Type out each entry exactly as it appears, but keep every image out.

* * *

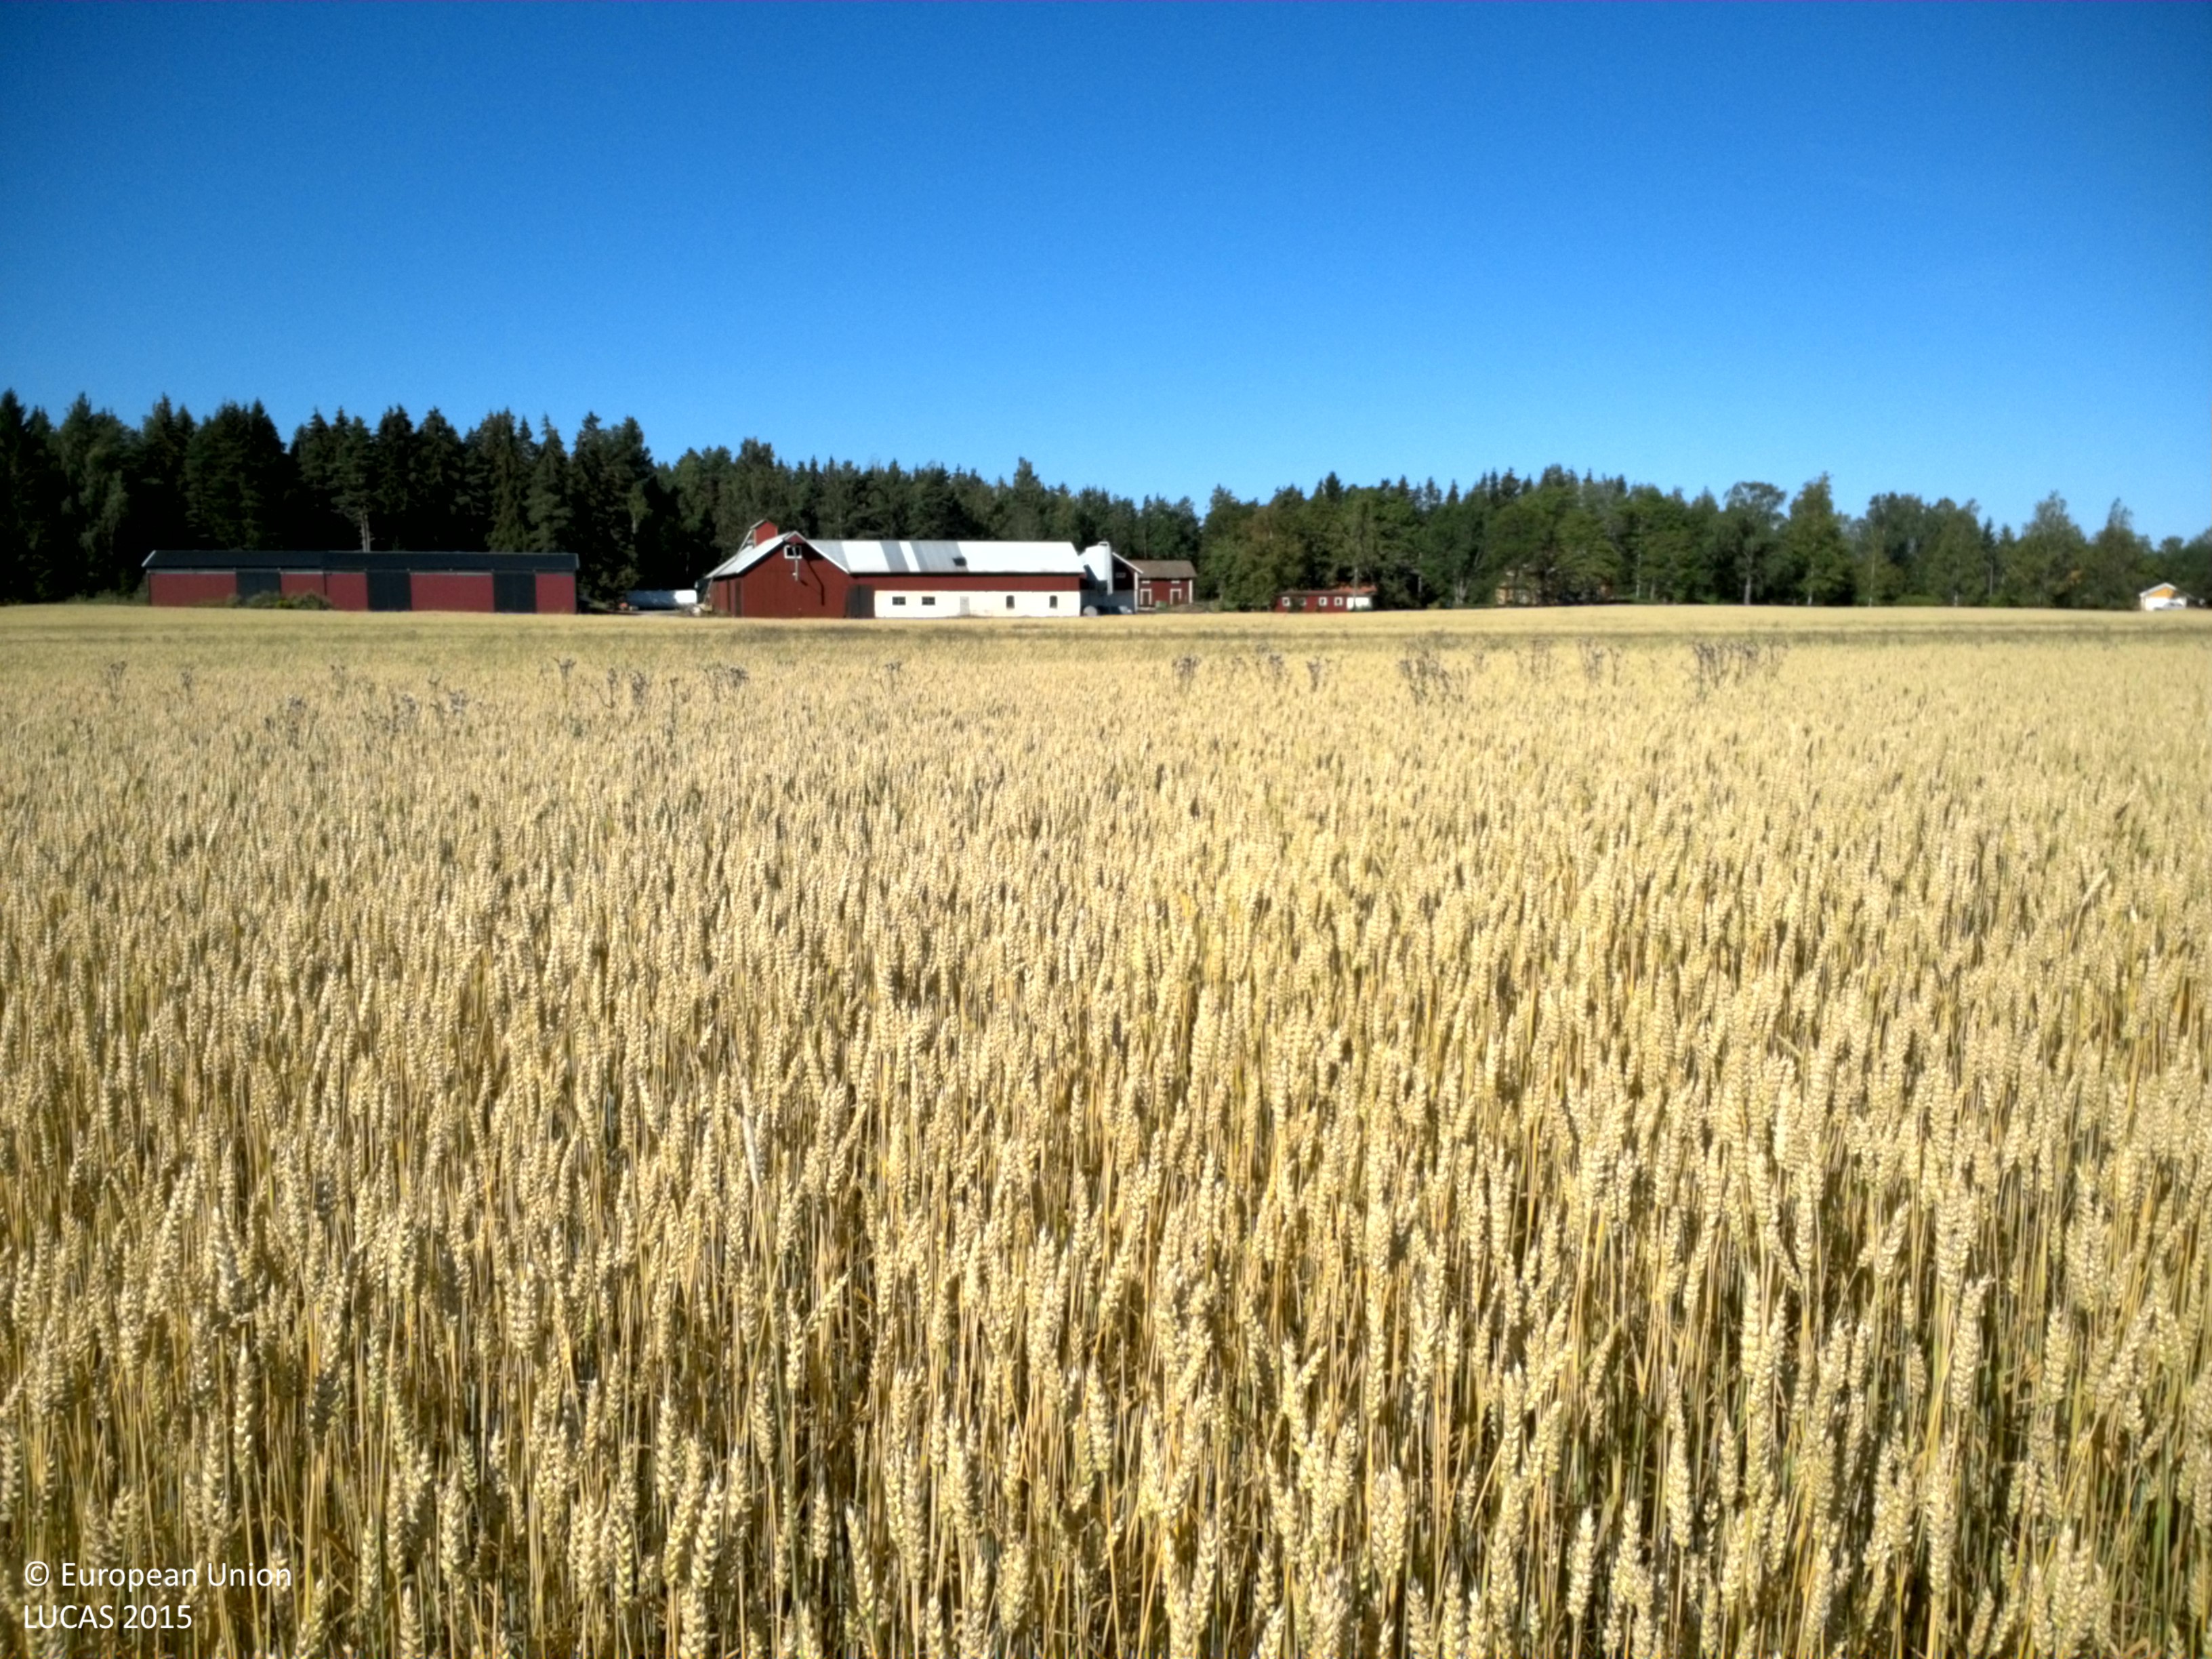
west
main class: Cropland
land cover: Common wheat
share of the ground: > 75 %
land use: Agriculture (excluding fallow land and kitchen gardens)
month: August
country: SE
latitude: 59.8969
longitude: 16.6585
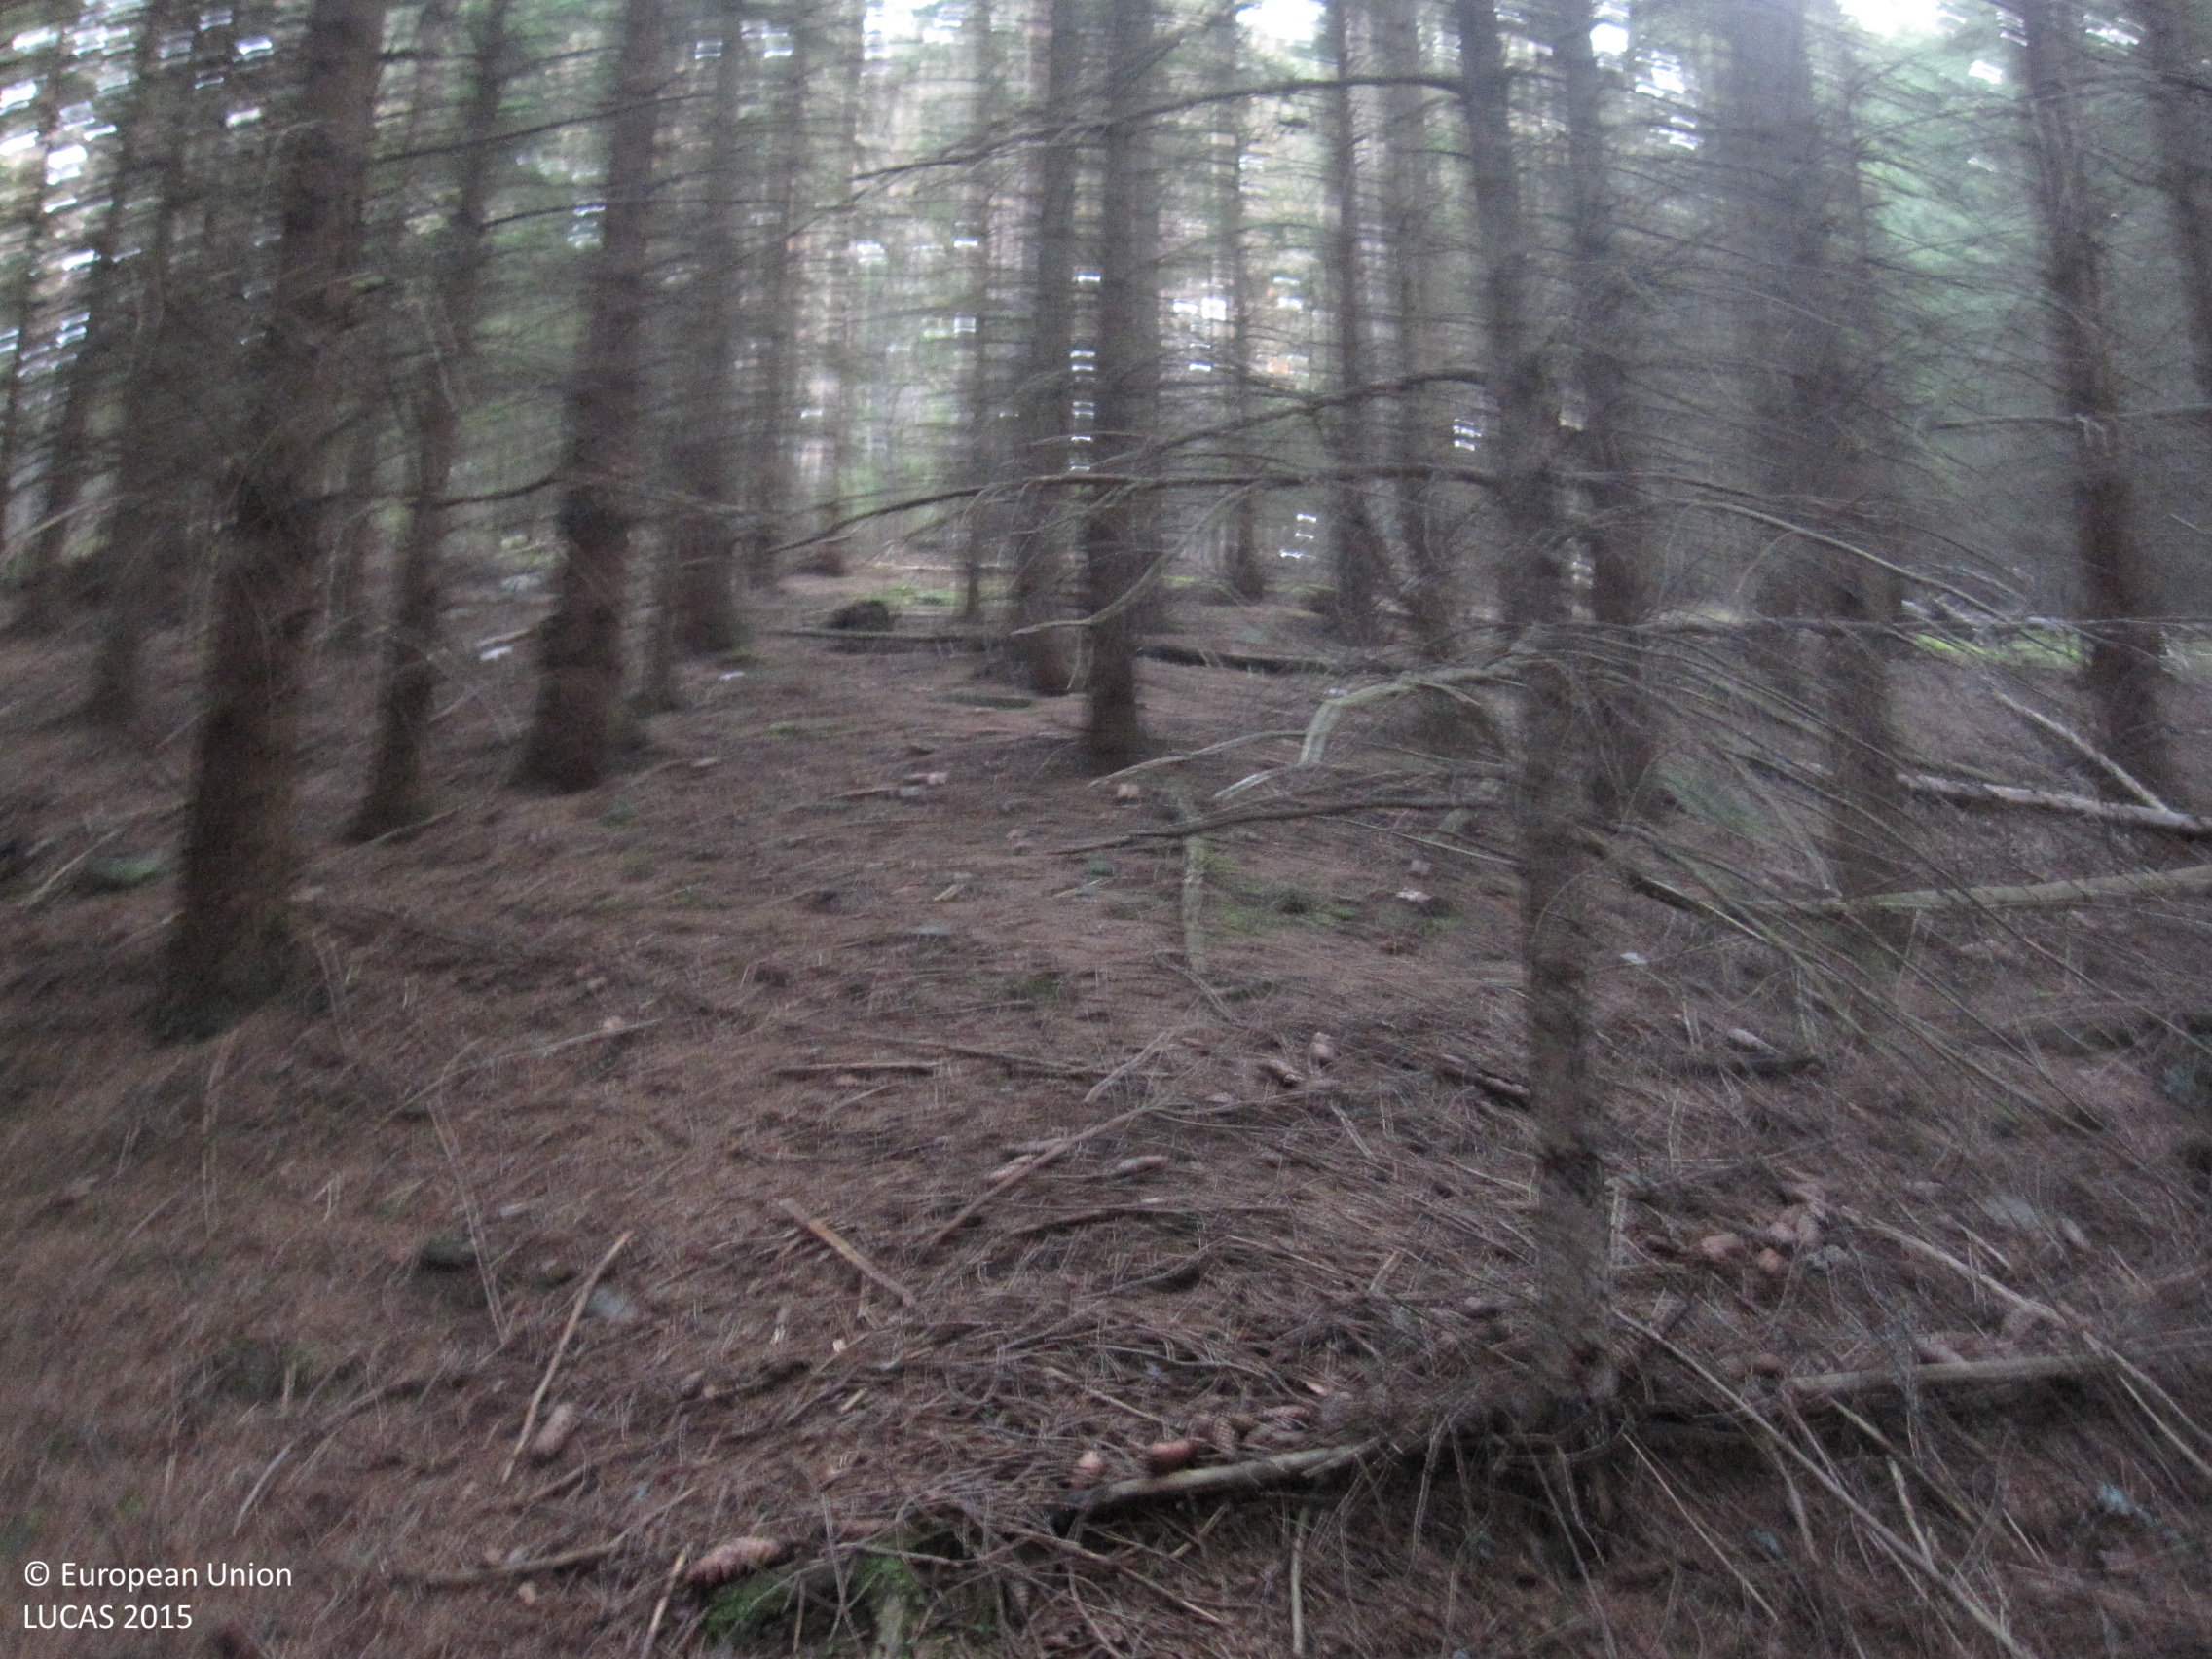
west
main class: Woodland
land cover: Spruce dominated coniferous woodland
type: hemiboreal forest and nemoral coniferous forest and mixed broadleaved-coniferous forest
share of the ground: > 75 %
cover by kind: coniferous forest trees 95 %, unconsolidated bare surface 5 %
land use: Forestry
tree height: > 5 m
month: August
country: DE
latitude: 50.5347
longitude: 11.4528

* * *

* _ANSWER TO THIS PROBLEM_:
west
main class: Cropland
land cover: Common wheat
share of the ground: > 75 %
land use: Agriculture (excluding fallow land and kitchen gardens)
month: August
country: SE
latitude: 59.8969
longitude: 16.6585
west
main class: Woodland
land cover: Spruce dominated coniferous woodland
type: hemiboreal forest and nemoral coniferous forest and mixed broadleaved-coniferous forest
share of the ground: > 75 %
cover by kind: coniferous forest trees 95 %, unconsolidated bare surface 5 %
land use: Forestry
tree height: > 5 m
month: August
country: DE
latitude: 50.5347
longitude: 11.4528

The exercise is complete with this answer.